Be sure to visit Joe Mantegna's website at
Interview by Mike "MD_Beatt"
Beatty, Shotgunworld.com staff
SGW: Thank you for giving us this opportunity Joe.
First off the bat are you familiar with Shotgunworld?
Joe M: Yes I have actually looked at it in the past
SGW : Can you tell us about how you first got in to Shooting
and the Shotgun sports?
Joe M: I was in my early twenties. In Chicago that’s where I grew
up. There used to be this wonderful Skeet Range Right on Lake Michigan ,
In a beautiful park right near downtown Chicago.
I think it was called Belmont Harbor Shooting Club. They Had these old
Skeet towers that looked like they were built back in the thirties, and
they used to have Skeet shooting right over Lake Michigan there. And it
was this wonderful club, and I used to ride my bike over there in the
summertime. And up to this point understand, I had never shot a gun in
my life but I was always intrigued by it. I would watch these guys shoot
their shotguns, I would just stand there at the fence there and watch
them, and it was such a beautiful setting there with Lake Michigan in
the background. Then one day this one guy was on the other side of the
fence, Was walking from his car carrying a shotgun, walked over by the
fence and said “do you shoot?” I said “No I never done it, I just like
to watch you guys shoot I think it‘s interesting” And he say’s “Well
would you like to shoot?” I said “well I don’t have a shotgun, I don’t
know anything about this, I am just watching” Then he says “Come on you
can shoot with me” I said “Right Now?” he said “yeah right now, just go
ahead and park your bike and come on with me” I said “Well I don’t have
any money, I don’t have anything.” He said “Don’t worry about it just
come with me”
So I go in ,the guy goes back to his car, to his trunk and opens it up,
he has another shotgun back there, and hands it to me, of course at the
time I did not know he had two Perazzi’s. I didn’t know a Perazzi from
Adam at that time. He takes me over, we go into the clubhouse, he gets
the shells, and he treats me to a round of Skeet. He along the way gives
me tips and pointer’s and then we shot a second round. And
he introduces me to several of the people there, and I mean obviously by
that time I am hooked, then I found out he was the president of the
Now this was the most perfect introduction
anyone could have to the shooting sports. Because at the end of those
two rounds I loved it. And of course he wouldn’t take any money,
nothing. He paid for everything the eye wear, the hearing protection. He
said “What do you think?”
I told him I could not wait to get my own shotgun and do this. He
advised me to get a Remington 1100 with a Trap Stock.
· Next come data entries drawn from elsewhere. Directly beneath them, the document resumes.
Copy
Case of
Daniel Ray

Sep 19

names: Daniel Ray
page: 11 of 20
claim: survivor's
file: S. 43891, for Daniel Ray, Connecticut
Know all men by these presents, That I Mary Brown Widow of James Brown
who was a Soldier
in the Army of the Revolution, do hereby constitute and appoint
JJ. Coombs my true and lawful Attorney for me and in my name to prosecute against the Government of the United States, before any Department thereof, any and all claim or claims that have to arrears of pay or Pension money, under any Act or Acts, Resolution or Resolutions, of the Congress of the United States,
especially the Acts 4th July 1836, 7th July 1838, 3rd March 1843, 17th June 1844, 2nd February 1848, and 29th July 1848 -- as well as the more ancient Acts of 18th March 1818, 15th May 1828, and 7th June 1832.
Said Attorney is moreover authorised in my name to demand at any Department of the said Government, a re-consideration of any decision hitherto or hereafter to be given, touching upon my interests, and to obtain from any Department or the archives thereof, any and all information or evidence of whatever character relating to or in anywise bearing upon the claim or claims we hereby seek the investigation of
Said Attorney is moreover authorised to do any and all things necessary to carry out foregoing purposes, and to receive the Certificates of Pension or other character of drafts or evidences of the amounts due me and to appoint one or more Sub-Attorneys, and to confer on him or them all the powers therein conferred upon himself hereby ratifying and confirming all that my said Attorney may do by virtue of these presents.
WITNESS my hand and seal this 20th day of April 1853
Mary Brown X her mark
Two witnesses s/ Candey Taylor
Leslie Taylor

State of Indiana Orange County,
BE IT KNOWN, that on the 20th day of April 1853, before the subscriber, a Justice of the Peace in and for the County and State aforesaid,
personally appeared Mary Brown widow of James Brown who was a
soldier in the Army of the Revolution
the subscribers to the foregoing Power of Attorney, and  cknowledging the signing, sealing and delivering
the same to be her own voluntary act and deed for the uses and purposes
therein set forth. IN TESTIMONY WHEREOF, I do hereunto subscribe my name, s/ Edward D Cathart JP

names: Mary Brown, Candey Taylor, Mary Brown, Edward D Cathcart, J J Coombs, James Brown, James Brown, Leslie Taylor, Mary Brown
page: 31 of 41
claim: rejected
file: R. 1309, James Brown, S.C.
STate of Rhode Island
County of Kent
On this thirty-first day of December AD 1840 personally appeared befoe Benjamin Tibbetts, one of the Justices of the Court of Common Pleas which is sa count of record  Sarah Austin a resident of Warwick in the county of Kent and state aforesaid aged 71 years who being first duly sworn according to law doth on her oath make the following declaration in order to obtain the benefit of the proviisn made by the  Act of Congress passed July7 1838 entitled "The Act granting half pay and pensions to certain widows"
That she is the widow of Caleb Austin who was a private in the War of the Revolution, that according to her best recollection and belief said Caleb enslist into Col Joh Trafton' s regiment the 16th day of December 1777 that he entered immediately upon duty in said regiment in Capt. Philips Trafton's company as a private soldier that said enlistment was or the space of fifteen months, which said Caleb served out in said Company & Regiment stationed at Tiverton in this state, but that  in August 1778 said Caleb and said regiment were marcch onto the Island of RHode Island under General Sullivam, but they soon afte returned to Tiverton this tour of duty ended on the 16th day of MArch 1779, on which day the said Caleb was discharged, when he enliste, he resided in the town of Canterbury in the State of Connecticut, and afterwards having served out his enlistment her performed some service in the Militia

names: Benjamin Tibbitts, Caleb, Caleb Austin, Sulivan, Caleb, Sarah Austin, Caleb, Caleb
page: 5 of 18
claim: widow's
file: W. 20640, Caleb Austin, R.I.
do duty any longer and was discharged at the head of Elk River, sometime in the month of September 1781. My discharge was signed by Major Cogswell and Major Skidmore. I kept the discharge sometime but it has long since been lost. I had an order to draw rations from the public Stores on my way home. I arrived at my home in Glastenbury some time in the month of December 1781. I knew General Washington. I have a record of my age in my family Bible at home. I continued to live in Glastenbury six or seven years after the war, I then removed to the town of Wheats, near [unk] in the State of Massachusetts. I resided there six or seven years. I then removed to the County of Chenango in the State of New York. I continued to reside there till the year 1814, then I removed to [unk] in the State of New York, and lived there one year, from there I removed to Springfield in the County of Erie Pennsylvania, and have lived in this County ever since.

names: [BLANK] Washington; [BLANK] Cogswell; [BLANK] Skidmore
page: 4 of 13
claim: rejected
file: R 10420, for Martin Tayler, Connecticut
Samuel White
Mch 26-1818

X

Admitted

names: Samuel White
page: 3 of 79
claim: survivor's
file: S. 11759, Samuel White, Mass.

At the same time I was doing a play where I had to shoot a handgun, that
was the first time I ever fired a hand gun. I remember to this day I
went out the next day to the same store (where the play had got the
handgun... Shore Galleries). I explained that I wanted a Remington 1100
with a Trap stock. I still have that gun today.
I went back to that gun club a week later with my shotgun. I told the
guy I did it... I did what you told me...so I wound up occasionally
shooting at that club. Unfortunately, a few years later the club fell to
the politics of some do gooders who thought there was too much lead
falling into the lake. It’s just a shame that they tore the place downl.,
but I was hooked from that point on ... on shotgun shooting. That lead
into Sporting Clays and Trap.
SGW: I had read a few years ago in an interview with you where
you had not yet , as of then, shot Trap how do you get into Trap?
Joe M: Well the Trap came later. In other words I started with
Skeet, so that’s what I really got in to. Then I got introduced to
Sporting Clays and really got in to that. I mean Trap was always there,
and I always had an interest in it I just had not had much experience in
it. Then actually one year at the 'Charleston Heston Celebrit' shoot I
actually won a Trap gun..a very nice Trap gun, so I took that as a sign
that I should start getting in to some Trap here. So I started shooting
some Trap, so on an occasion, especially at these events I would get an
occasion to shoot some Trap. Now I enjoy that as well. Skeet was
kind of the first thing that got me into it then Sporting Clays, but I'm
starting to shoot more Trap then I had in the past.
SGW:I my self am a Trap shooter and a little sporting clays, I
guess I have never got up the nerve to walk on the Skeet field.
Joe M: I understand, it’s a different thing I mean this is where
I started, so it's what I got familiar with... and I just shoot Skeet
better. I mean I have cleaned 25 in Skeet . I have never done that in
SGW: When you first started shooting Skeet what was the
biggest problems/bad habits that you had to overcome?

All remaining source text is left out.